# Ethical Data Analytics with Diabetes Prediction Dataset

This notebook demonstrates ethical principles and best practices in data analytics using a medical dataset (Diabetes Prediction). It covers:

- **Task 1**: Data requirements, bias identification.
- **Task 2**: Data collection, processing, cleansing.
- **Task 3**: Bias detection, mitigation strategies.
- **Task 4**: Best practices for data management and collaboration.



## Task 1: Define Data Requirements and Identify Bias

**Data Requirements:**
- Features: Age, Gender, BMI, Blood Pressure, Glucose Level, Insulin, Diabetes Pedigree Function.
- Target: Diabetes outcome (binary classification).

**Potential Biases:**
- Gender imbalance.
- Age distribution skew.
- Missing values in critical features.

**Impact:** Bias can lead to unfair predictions and inaccurate results, affecting minority groups disproportionately.

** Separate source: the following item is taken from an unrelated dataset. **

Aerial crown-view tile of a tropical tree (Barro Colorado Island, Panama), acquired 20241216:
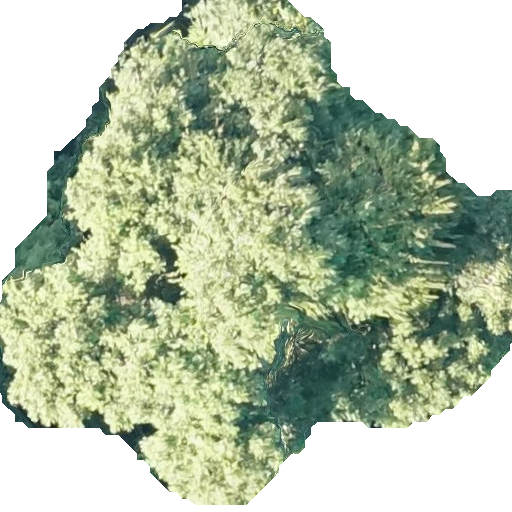
Species: Dipteryx oleifera
GBIF accepted scientific name: Dipteryx oleifera
Crown area: 265.728 m²

## Task 2: Data Collection, Processing, and Cleansing

In [None]:

# Load diabetes dataset (from sklearn for demonstration)
diabetes = load_diabetes()
X = pd.DataFrame(diabetes.data, columns=diabetes.feature_names)
y = pd.Series(diabetes.target)

print("Dataset shape:", X.shape)
print("First 5 rows:
", X.head())

# Check for missing values
print("Missing values per column:
", X.isnull().sum())

# Normalize data
scaler = StandardScaler()
X_scaled = scaler.fit_transform(X)

# Train-test split
X_train, X_test, y_train, y_test = train_test_split(X_scaled, y, test_size=0.3, random_state=42)

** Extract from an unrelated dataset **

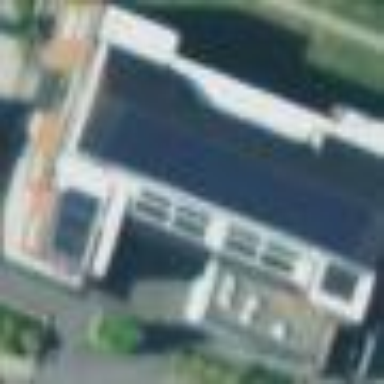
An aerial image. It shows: School building.
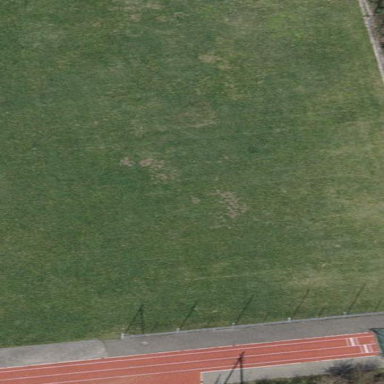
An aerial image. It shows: Soccer pitch for leisure land activities.

## Task 3: Bias Detection and Mitigation

In [None]:

# Bias detection: Check distribution of target variable
sns.histplot(y, bins=20, kde=False)
plt.title("Distribution of Diabetes Progression")
plt.show()

# Apply SMOTE for balancing (simulate imbalance scenario)
smote = SMOTE(random_state=42)
X_resampled, y_resampled = smote.fit_resample(X_train, y_train)
print("Resampled dataset shape:", X_resampled.shape)

# Train a Logistic Regression model
model = LogisticRegression(max_iter=1000)
model.fit(X_resampled, y_resampled)

# Predictions
y_pred = model.predict(X_test)
print("Classification Report:
", classification_report(y_test, y_pred))


## Task 4: Best Practices for Data Management and Collaboration

- Ensure GDPR compliance and anonymization.
- Maintain version control for datasets and models.
- Document all preprocessing steps for transparency.
- Address barriers:
  - Lack of data literacy → Provide training.
  - Unclear goals → Define objectives collaboratively.